BEGIN

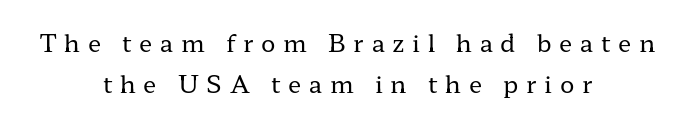
Q: Is the text bold? A: No.
Q: Is the text italic (slanted)? A: No, it is upright.
Q: Is the text underlined? A: No.
Q: How is the paragraph aligned? A: Centered.
Q: Is the spacing between letters normal or unusually wide? A: Unusually wide.
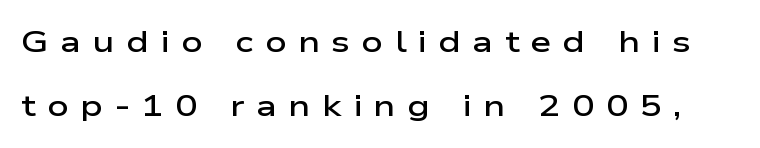
Q: Is the text bold? A: Semi-bold.
Q: Is the text italic (slanted)? A: No, it is upright.
Q: Is the typeface a serif or a sans-serif typeface? A: Sans-serif.
Q: Is the text underlined? A: No.
Q: Is the spacing between letters normal or unusually wide? A: Unusually wide.
Q: Is the spacing between lines tight, normal or loose? A: Loose.
Q: Width (condensed, normal, or wide)? A: Wide.
Q: Stroke contrast? A: Low.
Q: x-height? A: Medium.
Q: Monospaced? A: No.
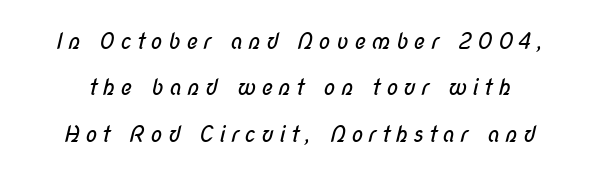
The image shows 22 px text type; set loose line spacing (2.11x), unusually wide letter spacing (+0.24 em), not underlined.
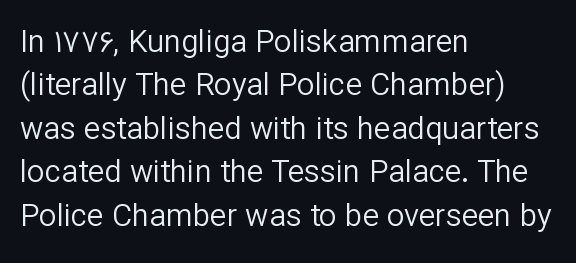
Q: Is the text bold? A: No.
Q: Is the text italic (slanted)? A: No, it is upright.
Q: Is the typeface a serif or a sans-serif typeface? A: Sans-serif.
Q: Is the text underlined? A: No.
Q: How is the paragraph aligned? A: Left-aligned.
Q: Is the spacing between letters normal or unusually wide? A: Normal.
Q: Is the spacing between lines tight, normal or loose? A: Normal.
Q: Width (condensed, normal, or wide)? A: Normal.
Q: Stroke contrast? A: Low.
Q: x-height? A: Medium.
Q: Monospaced? A: No.
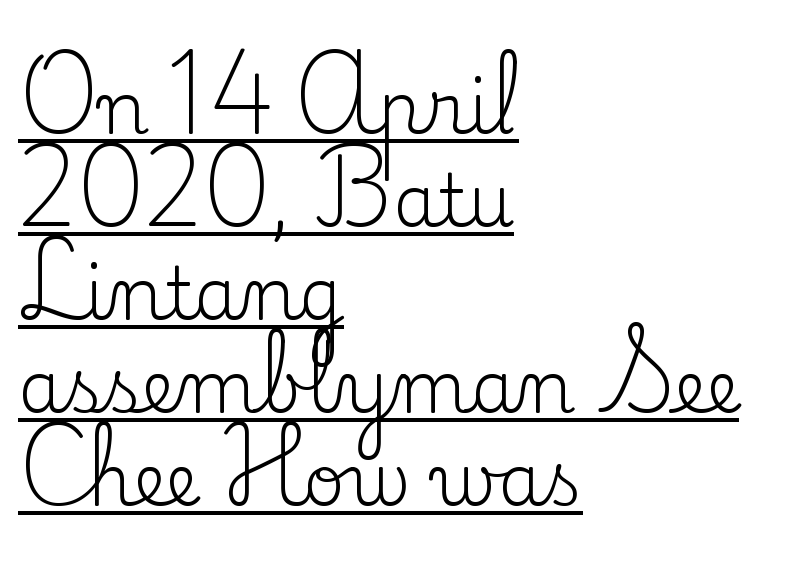
Varying glyph widths throughout — classic text-font behaviour. Is the block centered? No — it sits flush against the left margin. This rendering features underlined lettering. The letterforms sit shoulder to shoulder at normal distance.
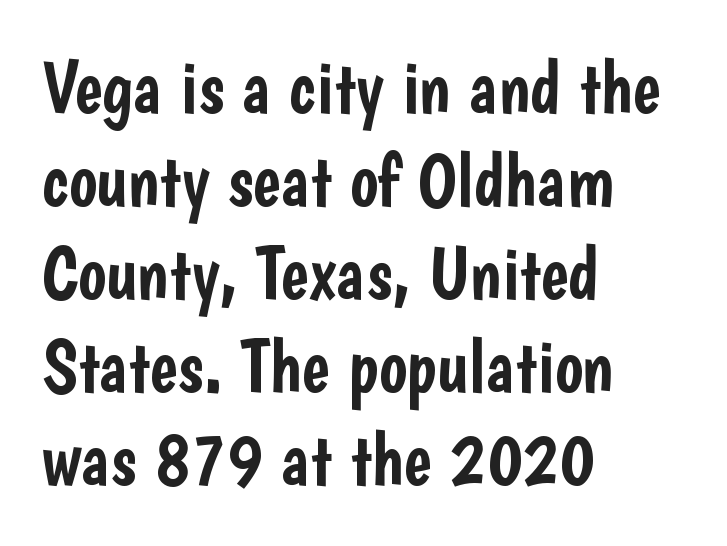
{"serif": "no", "italic": "no", "width": "condensed", "stroke_contrast": "low", "x_height": "medium", "monospaced": "no", "underline": "no", "align": "left", "line_spacing_ratio": 1.24, "letter_spacing": "normal", "letter_spacing_em": 0.0, "glyph_px": 75}
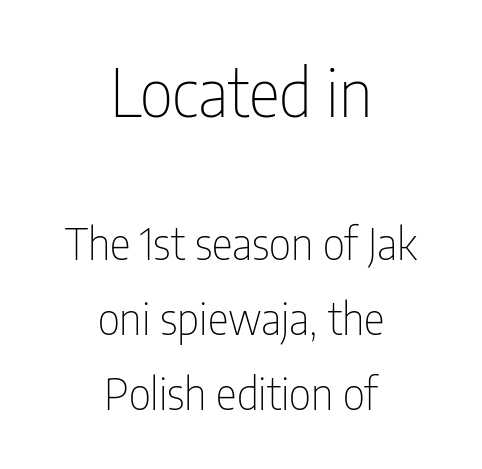
The image shows 66 px thin, condensed sans-serif type, upright; set centered, normal line spacing (1.7x), normal letter spacing, not underlined; the first (top) block is 1.5x larger; low stroke contrast and a medium x-height.
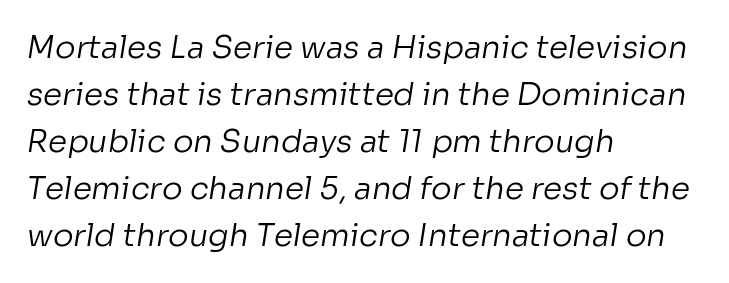
The image shows 31 px regular-weight sans-serif type; set left-aligned, normal line spacing (1.52x), normal letter spacing, not underlined; low stroke contrast and a medium x-height.
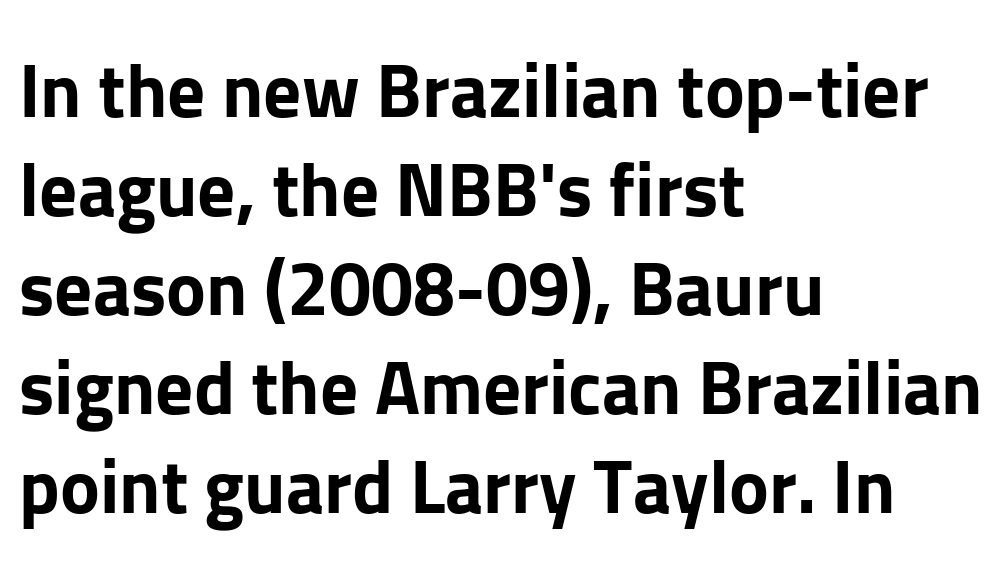
The image shows 75 px bold sans-serif type, upright; set left-aligned, normal line spacing (1.32x), normal letter spacing, not underlined; low stroke contrast and a medium x-height.

END

▶ The problem:
Look for the string "tight" in the data above and return every line that has it.

▶ Response to this task:
Q: Is the spacing between lines tight, normal or loose? A: Loose.
Q: Is the spacing between lines tight, normal or loose? A: Normal.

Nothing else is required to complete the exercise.